I then wrote the build_scope
function, which searches for function definitions and import statements in a block and adds the function or imported modules to a Scope
, which it then returns. At this stage I would also run a very simple evaluation of the scope, going through each instruction to make sure any referenced variables and functions were available there. If an instruction is a VariableDefinition
statement, I add a temporary dummy variable with the same name to the block’s scope, in case future statements try to access it.
Execution
Finally I implemented basic code execution! I created a simplified example file to run so that I wouldn’t have to worry about as many facets of the language:
var counter = 0
forever {
counter += 1
print("We have now counted", counter - 1, "times")
}
For this simplified code block I would only need to implement variable storage, retrieval and assignment, and evaluation of expressions (i.e. the print
function call and its arguments).
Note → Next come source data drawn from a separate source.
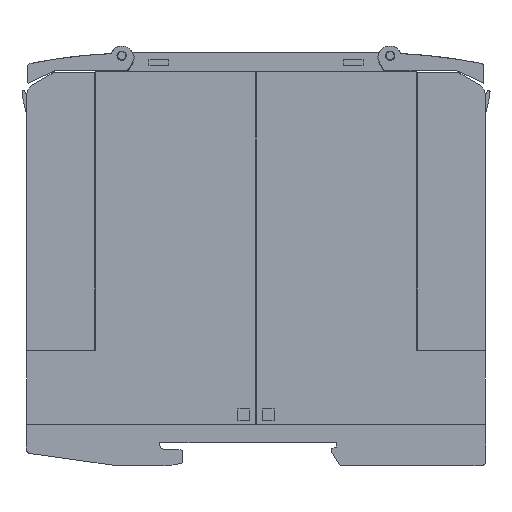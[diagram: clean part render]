
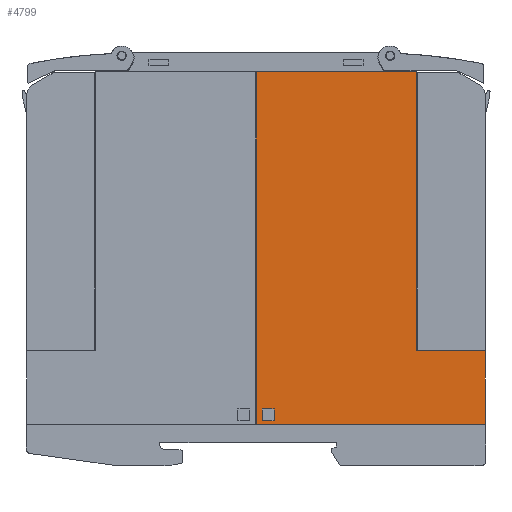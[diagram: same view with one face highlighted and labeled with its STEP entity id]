
A CAD part, left-side view. The second image highlights one B-rep face of the part: STEP entity #4799.
In plain terms, the highlighted planar face has unit normal (-1, 0, 0).
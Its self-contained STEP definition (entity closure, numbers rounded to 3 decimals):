
#4799=ADVANCED_FACE('',(#9786,#9787),#9788,.T.);
#9786=FACE_OUTER_BOUND('',#14834,.T.);
#9787=FACE_BOUND('',#14835,.T.);
#9788=PLANE('',#14836);
#14834=EDGE_LOOP('',(#30015,#30016,#30017,#30018,#30019,#30020));
#14835=EDGE_LOOP('',(#30021,#30022,#30023,#30024));
#14836=AXIS2_PLACEMENT_3D('',#30025,#30026,#30027);
#30015=ORIENTED_EDGE('',*,*,#32701,.T.);
#30016=ORIENTED_EDGE('',*,*,#32719,.T.);
#30017=ORIENTED_EDGE('',*,*,#36553,.T.);
#30018=ORIENTED_EDGE('',*,*,#36536,.F.);
#30019=ORIENTED_EDGE('',*,*,#36554,.T.);
#30020=ORIENTED_EDGE('',*,*,#36549,.T.);
#30021=ORIENTED_EDGE('',*,*,#36546,.T.);
#30022=ORIENTED_EDGE('',*,*,#36522,.T.);
#30023=ORIENTED_EDGE('',*,*,#36530,.T.);
#30024=ORIENTED_EDGE('',*,*,#36543,.T.);
#30025=CARTESIAN_POINT('',(0.0,25.949,9.001));
#30026=DIRECTION('',(-1.0,0.0,0.0));
#30027=DIRECTION('',(0.0,1.0,0.0));
#32701=EDGE_CURVE('',#39929,#39933,#39935,.T.);
#32719=EDGE_CURVE('',#39933,#39969,#39970,.T.);
#36522=EDGE_CURVE('',#45582,#45580,#45583,.T.);
#36530=EDGE_CURVE('',#45580,#45591,#45593,.T.);
#36536=EDGE_CURVE('',#45602,#45604,#45605,.T.);
#36543=EDGE_CURVE('',#45591,#45614,#45616,.T.);
#36546=EDGE_CURVE('',#45614,#45582,#45619,.T.);
#36549=EDGE_CURVE('',#45622,#39929,#45623,.T.);
#36553=EDGE_CURVE('',#39969,#45604,#45628,.T.);
#36554=EDGE_CURVE('',#45602,#45622,#45629,.T.);
#39929=VERTEX_POINT('',#51024);
#39933=VERTEX_POINT('',#51030);
#39935=LINE('',#51033,#51034);
#39969=VERTEX_POINT('',#51084);
#39970=LINE('',#51085,#51086);
#45580=VERTEX_POINT('',#59507);
#45582=VERTEX_POINT('',#59510);
#45583=LINE('',#59511,#59512);
#45591=VERTEX_POINT('',#59524);
#45593=LINE('',#59527,#59528);
#45602=VERTEX_POINT('',#59540);
#45604=VERTEX_POINT('',#59543);
#45605=LINE('',#59544,#59545);
#45614=VERTEX_POINT('',#59558);
#45616=LINE('',#59561,#59562);
#45619=LINE('',#59566,#59567);
#45622=VERTEX_POINT('',#59570);
#45623=LINE('',#59571,#59572);
#45628=LINE('',#59579,#59580);
#45629=LINE('',#59581,#59582);
#51024=CARTESIAN_POINT('',(0.0,0.999,25.101));
#51030=CARTESIAN_POINT('',(0.0,16.099,25.101));
#51033=CARTESIAN_POINT('',(0.0,17.224,25.101));
#51034=VECTOR('',#62082,1.0);
#51084=CARTESIAN_POINT('',(0.0,16.099,85.801));
#51085=CARTESIAN_POINT('',(0.0,16.099,32.226));
#51086=VECTOR('',#62099,1.0);
#59507=CARTESIAN_POINT('',(0.0,46.999,12.401));
#59510=CARTESIAN_POINT('',(0.0,49.599,12.401));
#59511=CARTESIAN_POINT('',(0.0,37.124,12.401));
#59512=VECTOR('',#65699,1.0);
#59524=CARTESIAN_POINT('',(0.0,46.999,9.801));
#59527=CARTESIAN_POINT('',(0.0,46.999,10.051));
#59528=VECTOR('',#65705,1.0);
#59540=CARTESIAN_POINT('',(0.0,50.899,9.001));
#59543=CARTESIAN_POINT('',(0.0,50.899,85.801));
#59544=CARTESIAN_POINT('',(0.0,50.899,9.001));
#59545=VECTOR('',#65710,1.0);
#59558=CARTESIAN_POINT('',(0.0,49.599,9.801));
#59561=CARTESIAN_POINT('',(0.0,37.124,9.801));
#59562=VECTOR('',#65716,1.0);
#59566=CARTESIAN_POINT('',(0.0,49.599,10.051));
#59567=VECTOR('',#65718,1.0);
#59570=CARTESIAN_POINT('',(0.0,0.999,9.001));
#59571=CARTESIAN_POINT('',(0.0,0.999,9.001));
#59572=VECTOR('',#65719,1.0);
#59579=CARTESIAN_POINT('',(0.0,50.899,85.801));
#59580=VECTOR('',#65722,1.0);
#59581=CARTESIAN_POINT('',(0.0,50.899,9.001));
#59582=VECTOR('',#65723,1.0);
#62082=DIRECTION('',(0.0,1.0,0.0));
#62099=DIRECTION('',(0.0,-0.0,1.0));
#65699=DIRECTION('',(0.0,-1.0,0.0));
#65705=DIRECTION('',(0.0,0.0,-1.0));
#65710=DIRECTION('',(0.0,0.0,1.0));
#65716=DIRECTION('',(0.0,1.0,0.0));
#65718=DIRECTION('',(0.0,-0.0,1.0));
#65719=DIRECTION('',(0.0,0.0,1.0));
#65722=DIRECTION('',(0.0,1.0,0.0));
#65723=DIRECTION('',(0.0,-1.0,0.0));

At this point even interpreted function calling isn’t implemented as the print
function is built into the language and so doesn’t need to worry about scope or type matching.
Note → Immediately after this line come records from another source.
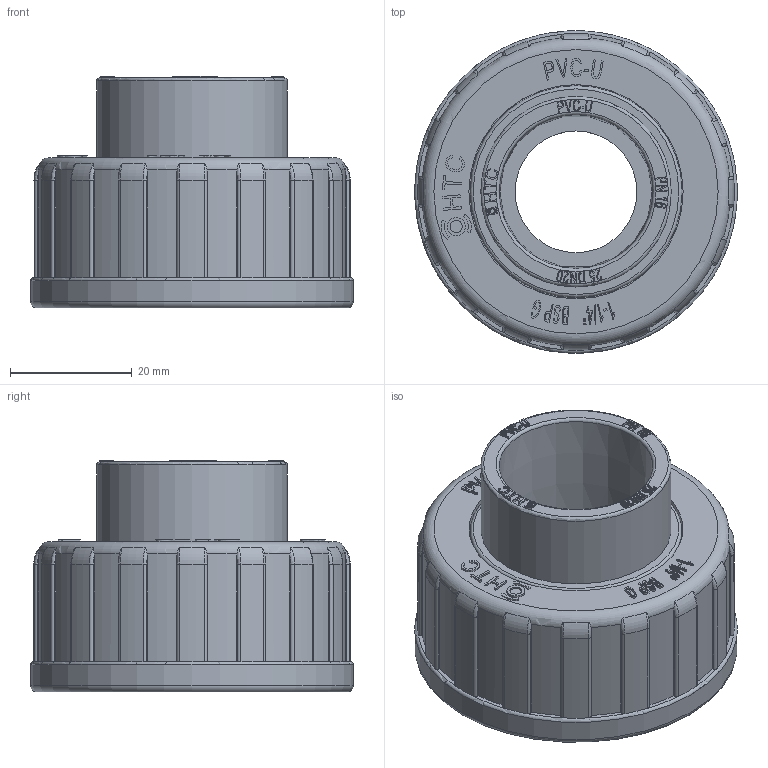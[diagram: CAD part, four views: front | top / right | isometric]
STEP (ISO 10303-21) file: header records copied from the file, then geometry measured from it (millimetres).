
FILE_DESCRIPTION(/* description */ (''),/* implementation_level */ '2;1');
FILE_NAME(/* name */ 'AFS606.040.025.step',/* time_stamp */ '2025-12-12T13:31:01+01:00',/* author */ (''),/* organization */ (''),/* preprocessor_version */ 'ST-DEVELOPER v20.1',/* originating_system */ 'Autodesk Translation Framework v14.21.0.0',/* authorisation */ '');
FILE_SCHEMA (('AUTOMOTIVE_DESIGN { 1 0 10303 214 3 1 1 }'));
Length unit declared in the file: millimetre
Products named in the file (1): 2025-12-10-10-52-45-983
Bounding box: 53 x 53 x 38.1 mm (x, y, z)
Volume: 31216 mm3; surface area: 18462.2 mm2
Topology: 3 solids, 3 shells, 1575 faces, 4463 edges, 2953 vertices
Faces by surface type: plane 1394, cylinder 101, bspline 56, torus 23, cone 1
Full cylindrical faces by diameter (mm): 0.78 x1, 1.17 x1, 2 x1, 3 x1, 20 x1, 29.878 x1, 31.3 x1, 34.8 x1, 35.2 x1, 36.878 x1, 38.5 x1, 38.952 x7, 41.91 x7, 53 x1
Entity records: 57504 total; most frequent: CARTESIAN_POINT 16848, ORIENTED_EDGE 8926, DIRECTION 7588, EDGE_CURVE 4463, LINE 4028, VECTOR 4028, VERTEX_POINT 2953, AXIS2_PLACEMENT_3D 1780

A bare implementation capable of operating on this simple piece of code ran without any issues! From here I properly implemented calling of imported library functions and all the possible operations. For any given operation I first evaluated either side of the operation, then attempted to match their types - if one side was an int and the other was a float, I would convert the int to a float before performing any operations.
Fixing function scopes
I discovered that a function uses the scope it’s called in as its parent scope instead of the scope it’s defined in. The below code how this can be a problem.
func foo() {
print(x)
}
func bar() {
var x = 2
foo()
}
var x = 3
foo()
bar()
When foo
is called inside bar
, bar
is used as the parent scope of foo
and so when it tries to read x
it ends up reading the value 2, from the version of x
defined inside bar
. Thus the output is:
3
2
To fix this, I changed the InterpretedFunction
type to store a pointer to its parent scope on definition, which will be used as the basis for the function scope whenever it is called. After a bit of wrangling of values, i finally got it to spit out the desired result!
3
3
I even expanded the example code to make sure everything would work as intended. This example can be found here, and you can use it to test scopes in your own language if you like :)
To be continued…
Hey, I hope you enjoyed reading through my development process! This was originally meant to be my programming project for school, but I ended up moving on to a different idea. There’s a lot still missing, like full type checking, one-sided operators like not
/-
(as in negative) and even if statements XD. I’ll try to implement all that eventually. In the meantime, thanks for reading and have a good rest of your day!